New York Times columnist David Brooks supported journalist Katie Couric’s decision to edit out the late Supreme Court Justice Ruth Bader Ginsburg’s criticism of athletes who kneel to protest the national anthem — according to Couric herself.
As Breitbart News noted on Wednesday:
In her new memoir, Going There, journalist Katie Couric admitted that she edited comments from the now-deceased Justice Ruth Bader Ginsburg for her 2016 interview with Yahoo! News to protect her from severe public backlash. The Justice’s crime? Criticizing the national anthem kneelers.
Though the original interview quoted Ginsburg calling the anthem protests “dumb and disrespectful,” Couric omitted parts she deemed more problematic, such as when Ginsburg reportedly said that the protesters were showing “contempt for a government that has made it possible for their parents and grandparents to live a decent life.”
Ginsburg added, “Which they probably could not have lived in the places they came from…as they became older they realize that this was youthful folly. And that’s why education is important.”
The UK Daily Mail noted that Couric described going to Brooks for advice: “Couric called a friend, David Brooks, a New York Times journalist, who advised her that Ginsburg probably didn’t understand the question, even though she was still serving on the Supreme Court at the time.”
That provoked the ire of liberal constitutional law scholar Jonathan Turley, who wrote that Brooks’s role in Couric’s censorship was “troubling.”
He added: “Notably, in rationalizing a decision to bury a major news item, Brooks allegedly maintained that Ginsburg probably did not understand the question.

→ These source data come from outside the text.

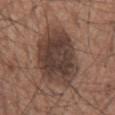Assessment:
The lesion was photographed on a routine skin check and not biopsied; there is no pathology result.
Background:
An algorithmic analysis of the crop reported a lesion area of about 33 mm², a shape eccentricity near 0.8, and a symmetry-axis asymmetry near 0.15. And it measured a border-irregularity rating of about 2/10, internal color variation of about 4.5 on a 0–10 scale, and peripheral color asymmetry of about 1.5. And it measured a nevus-likeness score of about 45/100. A lesion tile, about 15 mm wide, cut from a 3D total-body photograph. The lesion's longest dimension is about 9 mm. A male subject, approximately 75 years of age. The lesion is located on the mid back.
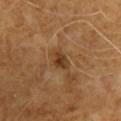The lesion was photographed on a routine skin check and not biopsied; there is no pathology result. A 15 mm close-up tile from a total-body photography series done for melanoma screening. The recorded lesion diameter is about 2.5 mm. The patient is a male aged 58 to 62. From the chest.
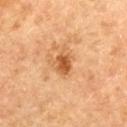Recorded during total-body skin imaging; not selected for excision or biopsy.
Approximately 3.5 mm at its widest.
Automated image analysis of the tile measured an area of roughly 6 mm², an outline eccentricity of about 0.7 (0 = round, 1 = elongated), and a shape-asymmetry score of about 0.3 (0 = symmetric). And it measured a lesion color around L≈54 a*≈24 b*≈40 in CIELAB, roughly 11 lightness units darker than nearby skin, and a normalized lesion–skin contrast near 8.
This is a cross-polarized tile.
Located on the upper back.
A 15 mm close-up extracted from a 3D total-body photography capture.
The patient is a female in their 60s.
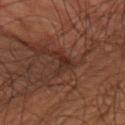Imaged during a routine full-body skin examination; the lesion was not biopsied and no histopathology is available.
From the right upper arm.
A male patient, aged 68–72.
The lesion's longest dimension is about 3.5 mm.
A 15 mm close-up extracted from a 3D total-body photography capture.
Captured under cross-polarized illumination.
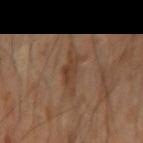notes: imaged on a skin check; not biopsied | automated metrics: a shape eccentricity near 0.9 and a symmetry-axis asymmetry near 0.4; a nevus-likeness score of about 0/100 and lesion-presence confidence of about 100/100 | lighting: cross-polarized illumination | image: total-body-photography crop, ~15 mm field of view | site: the left forearm | lesion diameter: ≈4.5 mm.
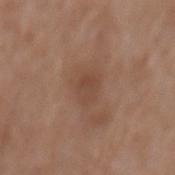Impression:
The lesion was tiled from a total-body skin photograph and was not biopsied.
Acquisition and patient details:
Measured at roughly 3 mm in maximum diameter. A roughly 15 mm field-of-view crop from a total-body skin photograph. On the mid back. A male subject aged around 75.

It is a remarkably [sic] spin since, if she did not understand that question, how did she understand the other questions?”
Turley concluded: “Couric chose the narrative over the news. In doing so, she did a disservice to both journalism and the law. This was not “youthful folly” by Couric. It was advocacy masquerading as journalism.”
Couric was celebrated for her interview during the 2008 presidential campaign with then-Republican vice presidential nominee Gov. Sarah Palin, whom she attempted to embarrass by asking her what newspapers she read. For her efforts, Couric received a 2009 Walter Cronkite award for “Special Achievement for National Impact on the 2008 Campaign.”
Brooks, a Never Trump writer who appears frequently on Beltway panel discussions and Sunday morning news shows, too, trashed Palin, calling her a “fatal cancer” for Republicans. He has yet to explain his involvement in the Ginsburg story.
Joel B. Pollak is Senior Editor-at-Large at Breitbart News and the host of Breitbart News Sunday on Sirius XM Patriot on Sunday evenings from 7 p.m. to 10 p.m. ET (4 p.m. to 7 p.m. PT). He is the author of the recent e-book, Neither Free nor Fair: The 2020 U.S. Presidential Election. His recent book, RED NOVEMBER, tells the story of the 2020 Democratic presidential primary from a conservative perspective. He is a winner of the 2018 Robert Novak Journalism Alumni Fellowship. Follow him on Twitter at @joelpollak.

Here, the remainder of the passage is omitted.